What you should do: The expected output is the full data, repeated exactly, without pictures.

(Collected data)

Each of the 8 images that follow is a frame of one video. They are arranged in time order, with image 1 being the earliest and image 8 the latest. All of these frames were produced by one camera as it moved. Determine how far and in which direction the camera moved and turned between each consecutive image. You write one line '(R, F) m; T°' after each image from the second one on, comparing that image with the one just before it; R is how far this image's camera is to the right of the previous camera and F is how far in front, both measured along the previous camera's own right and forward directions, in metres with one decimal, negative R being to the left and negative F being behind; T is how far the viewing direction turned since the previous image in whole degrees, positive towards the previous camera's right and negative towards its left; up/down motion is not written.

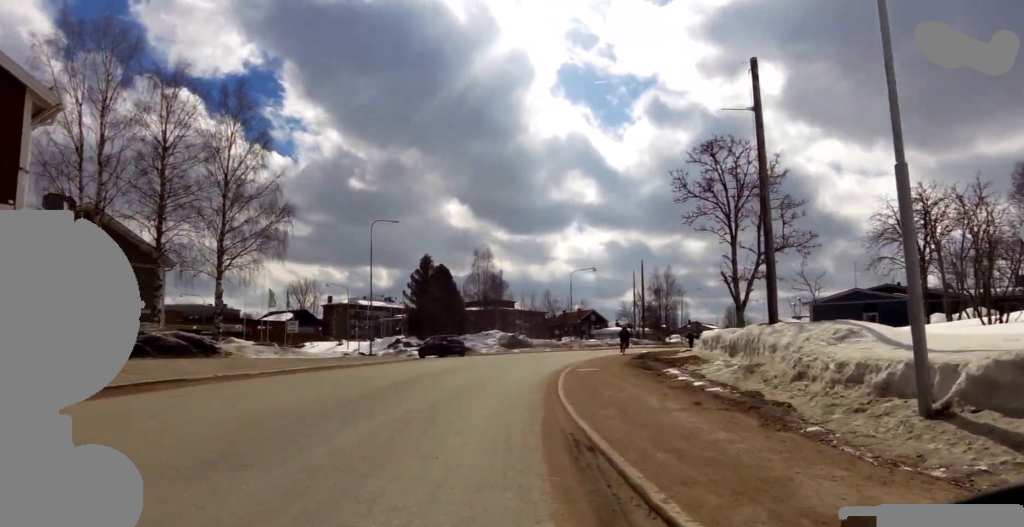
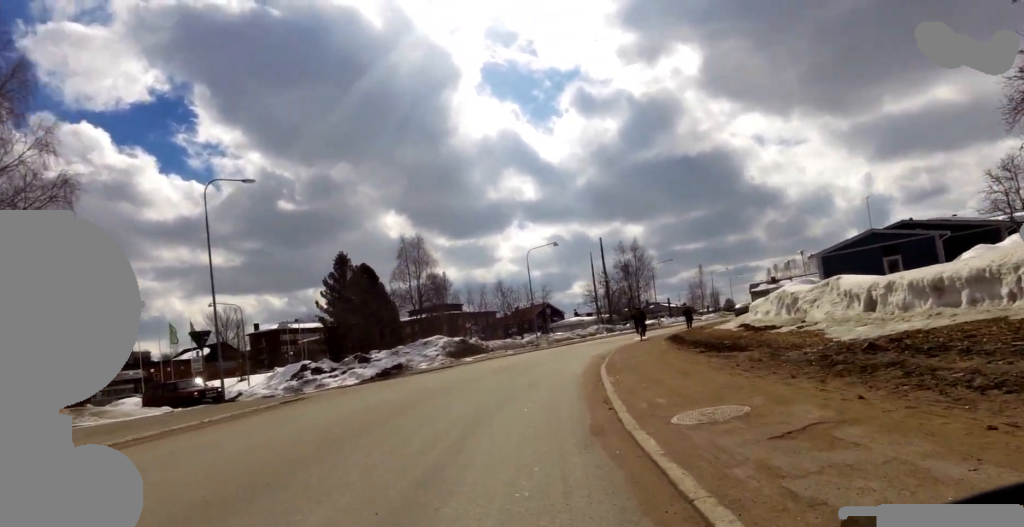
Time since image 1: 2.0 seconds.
(+1.2, +14.0) m; +7°
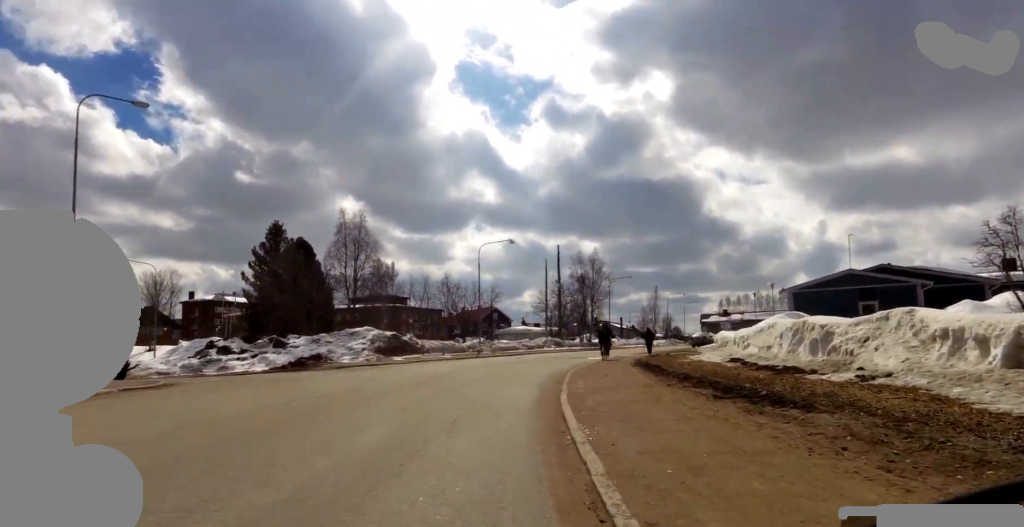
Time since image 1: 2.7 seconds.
(0.0, +4.5) m; -2°
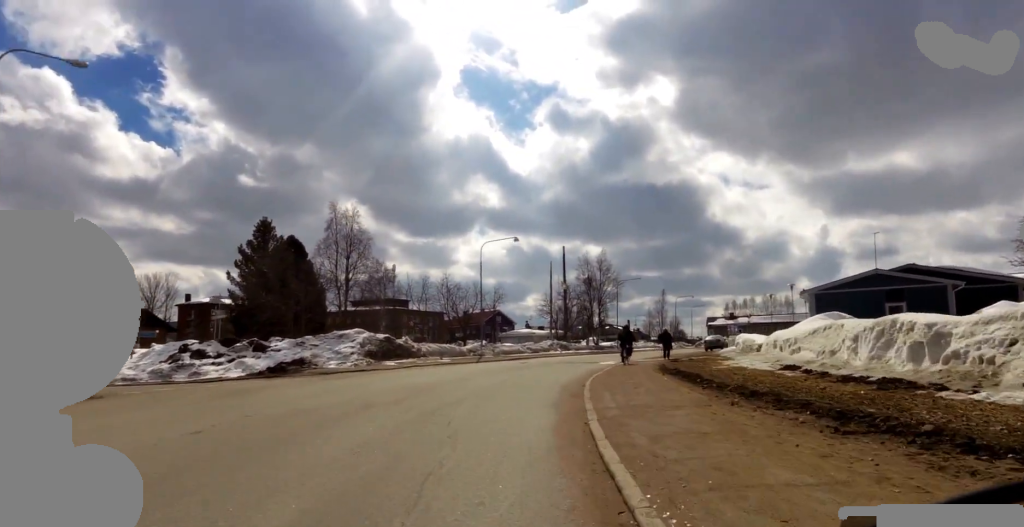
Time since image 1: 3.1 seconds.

Finished exercise:
Each of the 8 images that follow is a frame of one video. They are arranged in time order, with image 1 being the earliest and image 8 the latest. All of these frames were produced by one camera as it moved. Determine how far and in which direction the camera moved and turned between each consecutive image. You write one line '(R, F) m; T°' after each image from the second one on, comparing that image with the one just before it; R is how far this image's camera is to the right of the previous camera and F is how far in front, both measured along the previous camera's own right and forward directions, in metres with one decimal, negative R being to the left and negative F being behind; T is how far the viewing direction turned since the previous image in whole degrees, positive towards the previous camera's right and negative towards its left; up/down motion is not written.

Time since image 1: 2.0 seconds.
(+1.2, +14.0) m; +7°
Time since image 1: 2.7 seconds.
(0.0, +4.5) m; -2°
Time since image 1: 3.1 seconds.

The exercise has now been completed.